A Validation Schema is the formal data specification that defines the structure for an annotation.

When you add an annotation to a file—for example, by calling LocalFile.add_private_annotation() you must provide a schema_id (e.g., open/generic). DorsalHub uses this schema_id to validate your data against a named validation schema.

Note that annotation validation is optional (but recommended) for offline work; however to push any annotations to DorsalHub, they must conform to a named schema.

If your annotation does not match the rules in the specification (e.g., it's missing a required field or has an incorrect data type), the API will reject it.

This ensures all annotation data is reliable and correctly structured.

Open Validation Schemas

The Open Validation Schemas are a collection of schemas which are open to everyone. They adhere to the following principles:

  • Open Contribution: Any authenticated DorsalHub user is welcome to publish annotation records that validate against these schemas.
  • Community-Driven: We welcome contributions! You can visit the github repository to report any issues, propose new schemas or suggest improvements.
  • Stable & Versioned: Schemas are versioned, and changes are made carefully to ensure backward compatibility wherever possible.

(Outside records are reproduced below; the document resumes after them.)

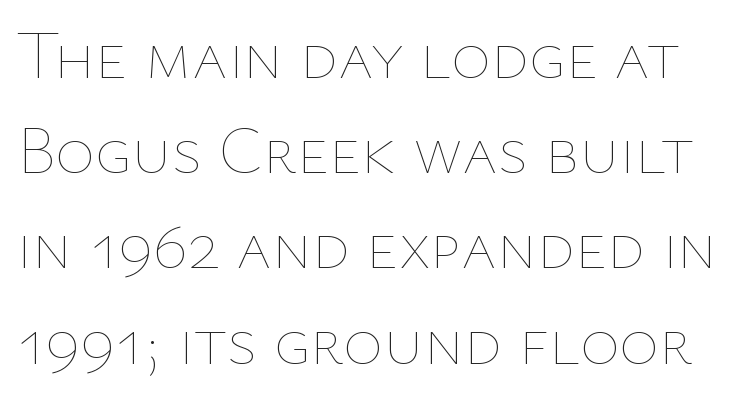
This is the regular roman posture of the typeface. Baseline-to-baseline distance is the conventional proportion of letter height. Think of a printed novel: that variable character pitch is what you see here. Tracking here is standard; glyphs follow each other at the usual distance. No chunkiness to these letters — they're not bold. The passage shown is not underscored anywhere.
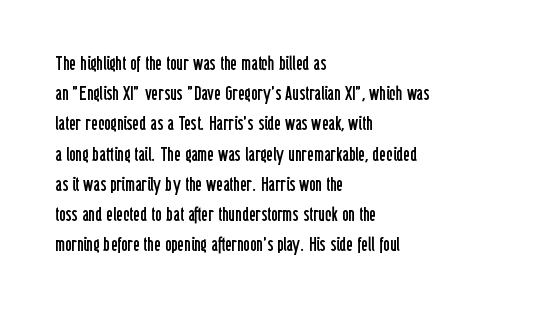
Q: Is the text bold? A: No.
Q: Is the text italic (slanted)? A: No, it is upright.
Q: Is the text underlined? A: No.
Q: How is the paragraph aligned? A: Left-aligned.
Q: Is the spacing between letters normal or unusually wide? A: Normal.
Q: Is the spacing between lines tight, normal or loose? A: Normal.
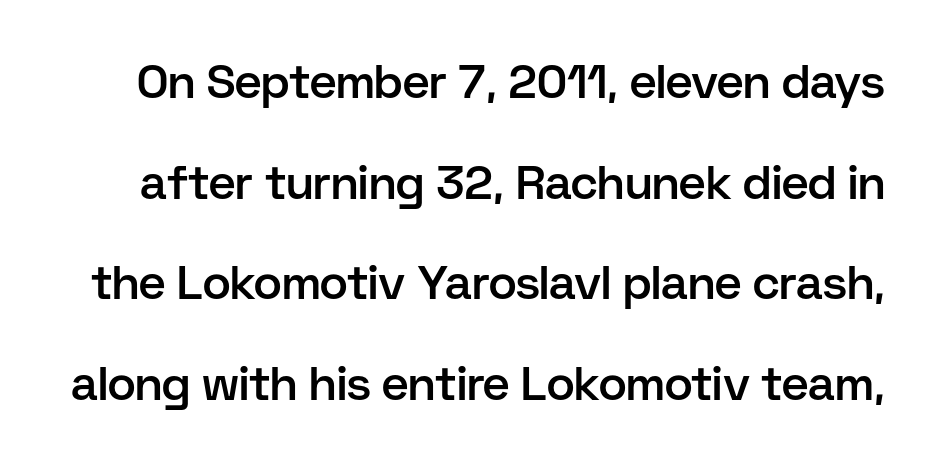
{"serif": "no", "italic": "no", "bold": "semi", "weight": "semibold", "width": "normal", "stroke_contrast": "low", "x_height": "medium", "monospaced": "no", "underline": "no", "line_spacing": "loose", "line_spacing_ratio": 2.14, "letter_spacing": "normal", "letter_spacing_em": 0.0, "glyph_px": 47}

There are currently 9 schemas:

Schema Use case
open/audio-transcription Storing transcribed text with support for timed segments, speaker identification, and non-verbal events.
open/classification Applying labels to a file, with support for confidence scores, vocabularies, and score explanations.
open/document-extraction Storing extracted document layout data, including text blocks, lines, bounding boxes, and polygons.
open/embedding Storing feature vectors and identifying the algorithm used to generate them.
open/entity-extraction Storing extracted entities for NER or slot-filling, with support for vocabularies and geometric locations.
open/generic A flexible catch-all schema for storing flat, arbitrary key-value data.
open/geolocation For storing a strict GeoJSON Feature object (Point, Polygon, etc.) associated with a file.
open/llm-output For storing LLM prompts and responses, including generation parameters, provenance, and evaluation scores.
open/object-detection For identifying objects using boxes or polygons, with support for hierarchical relationships and vocabularies.

Private Organization Schemas

Membership in a DorsalHub Organization may access private schemas (e.g., my-company/invoice-data) that are only visible and usable by other members of the organization.